The song 100 Bags neatly encapsulates the titular theme of urban swagger and spirituality, and was one of the first to begin trending on Twitter, Friday morning. It honestly and succinctly outlines the emotional struggle for success felt by most children of immigrants, single parents and/or those raised in poverty. There is a recognition of the sacrifices the parents made and the desire these children now feel to give them a better life. As Stormzy states in the song:

“All the times that you worked on the late shift, just to see you come up short on your pay slip. Always in and out of beef with the bailiffs. Now I’m on The Playlist. Yeah, where I come from is bad. Same old shit, just mums no dads, and we all know growing up in London’s mad…South of the Thames, where I come from is mad…Tough luck, just mums, no dads and we all know growing up in London’s mad...I bought mumzy a pad! Ghanaian Queen, let ‘em know that you bad. Be right here when you need me, I need you to know that your son has got your back. Like Mum I owe you everything, can you believe that? Everything, imma repeat that.”

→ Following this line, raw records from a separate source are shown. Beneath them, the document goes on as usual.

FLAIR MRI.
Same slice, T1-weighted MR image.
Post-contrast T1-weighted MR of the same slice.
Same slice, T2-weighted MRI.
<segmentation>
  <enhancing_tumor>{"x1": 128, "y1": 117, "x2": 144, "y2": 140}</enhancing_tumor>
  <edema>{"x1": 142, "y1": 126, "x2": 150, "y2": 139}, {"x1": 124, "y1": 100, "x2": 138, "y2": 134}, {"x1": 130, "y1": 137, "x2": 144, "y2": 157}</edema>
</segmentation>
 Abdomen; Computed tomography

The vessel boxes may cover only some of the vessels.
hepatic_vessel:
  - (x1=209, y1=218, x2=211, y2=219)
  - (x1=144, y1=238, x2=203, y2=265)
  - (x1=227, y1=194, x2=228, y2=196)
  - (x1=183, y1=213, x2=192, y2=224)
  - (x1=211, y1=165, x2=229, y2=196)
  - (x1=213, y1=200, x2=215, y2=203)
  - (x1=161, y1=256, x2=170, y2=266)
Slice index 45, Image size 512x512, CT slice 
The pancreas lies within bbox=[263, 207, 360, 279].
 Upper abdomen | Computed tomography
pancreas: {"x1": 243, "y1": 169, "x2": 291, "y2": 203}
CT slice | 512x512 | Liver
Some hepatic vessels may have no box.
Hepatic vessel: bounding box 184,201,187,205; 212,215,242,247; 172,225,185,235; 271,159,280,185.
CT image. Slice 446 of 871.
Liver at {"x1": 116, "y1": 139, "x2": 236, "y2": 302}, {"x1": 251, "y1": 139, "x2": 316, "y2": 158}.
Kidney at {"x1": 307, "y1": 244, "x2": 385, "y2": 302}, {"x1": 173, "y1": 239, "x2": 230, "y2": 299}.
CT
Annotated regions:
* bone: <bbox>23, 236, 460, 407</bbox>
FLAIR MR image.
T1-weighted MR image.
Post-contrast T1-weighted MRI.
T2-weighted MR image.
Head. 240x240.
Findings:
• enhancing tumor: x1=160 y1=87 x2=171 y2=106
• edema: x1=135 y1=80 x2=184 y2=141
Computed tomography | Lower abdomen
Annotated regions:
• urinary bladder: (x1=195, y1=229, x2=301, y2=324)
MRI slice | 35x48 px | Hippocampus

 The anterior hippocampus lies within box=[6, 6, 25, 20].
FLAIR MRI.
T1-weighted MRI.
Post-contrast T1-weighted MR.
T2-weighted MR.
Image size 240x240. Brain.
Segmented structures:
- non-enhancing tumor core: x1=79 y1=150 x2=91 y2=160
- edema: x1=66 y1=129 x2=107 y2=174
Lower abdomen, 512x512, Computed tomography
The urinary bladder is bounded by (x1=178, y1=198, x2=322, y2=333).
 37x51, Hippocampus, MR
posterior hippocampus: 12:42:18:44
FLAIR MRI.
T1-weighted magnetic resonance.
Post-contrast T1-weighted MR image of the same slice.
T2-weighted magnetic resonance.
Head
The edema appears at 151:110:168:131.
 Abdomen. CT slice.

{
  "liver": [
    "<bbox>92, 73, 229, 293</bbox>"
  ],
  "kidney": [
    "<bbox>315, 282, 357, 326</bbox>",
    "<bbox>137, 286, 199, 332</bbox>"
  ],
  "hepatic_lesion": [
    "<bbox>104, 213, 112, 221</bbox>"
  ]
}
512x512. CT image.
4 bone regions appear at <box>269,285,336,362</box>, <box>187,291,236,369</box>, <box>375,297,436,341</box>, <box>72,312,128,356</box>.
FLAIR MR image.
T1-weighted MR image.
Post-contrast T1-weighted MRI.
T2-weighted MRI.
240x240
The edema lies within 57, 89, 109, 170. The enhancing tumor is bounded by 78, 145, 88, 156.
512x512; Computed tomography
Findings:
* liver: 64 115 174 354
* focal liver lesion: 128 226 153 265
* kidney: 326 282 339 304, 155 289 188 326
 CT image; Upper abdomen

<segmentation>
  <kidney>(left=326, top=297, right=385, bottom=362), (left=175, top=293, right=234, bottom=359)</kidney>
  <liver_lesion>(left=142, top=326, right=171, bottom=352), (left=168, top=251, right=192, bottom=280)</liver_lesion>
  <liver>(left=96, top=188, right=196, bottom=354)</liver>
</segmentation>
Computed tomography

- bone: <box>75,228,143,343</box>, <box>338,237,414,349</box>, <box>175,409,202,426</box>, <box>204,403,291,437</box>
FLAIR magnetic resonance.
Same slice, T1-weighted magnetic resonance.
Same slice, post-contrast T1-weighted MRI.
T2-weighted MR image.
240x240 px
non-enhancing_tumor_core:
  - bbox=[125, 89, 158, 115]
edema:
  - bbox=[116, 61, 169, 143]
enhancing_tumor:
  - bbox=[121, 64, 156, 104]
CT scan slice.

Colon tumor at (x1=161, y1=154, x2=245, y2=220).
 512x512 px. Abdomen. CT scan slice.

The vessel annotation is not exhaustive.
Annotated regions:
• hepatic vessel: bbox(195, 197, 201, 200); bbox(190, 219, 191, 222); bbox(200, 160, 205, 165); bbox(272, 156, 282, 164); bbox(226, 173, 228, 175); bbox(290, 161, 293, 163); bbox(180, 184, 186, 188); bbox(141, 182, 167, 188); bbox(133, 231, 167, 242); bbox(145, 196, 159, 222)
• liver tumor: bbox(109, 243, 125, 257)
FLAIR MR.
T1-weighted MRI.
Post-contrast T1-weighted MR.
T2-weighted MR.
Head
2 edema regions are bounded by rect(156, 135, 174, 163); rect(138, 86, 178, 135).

Given the harsh socioeconomic reality of many communities in London it is unsurprising that this song resonated with so many fans online, so quickly after the album’s release.

100 Bags opens with an early morning prayer Stormzy’s mother leaves on his phone for his daily protection and guidance. An experience to which many children of African and Caribbean descent can relate. The ubiquity of religion in African and Caribbean immigrant households is something that is well known, but rarely discussed in contemporary Grime music. As such, the element of faith seen in “Gang Signs and Prayer” not only grounds the album in reality, but is also a breath of fresh air that demonstrates Stormzy’s versatility as an artist. This versatility is apparent in the fluid transition between the piety depicted in Blinded by Your Grace part 1. and the brashness heard subsequently in Big for Your Boots.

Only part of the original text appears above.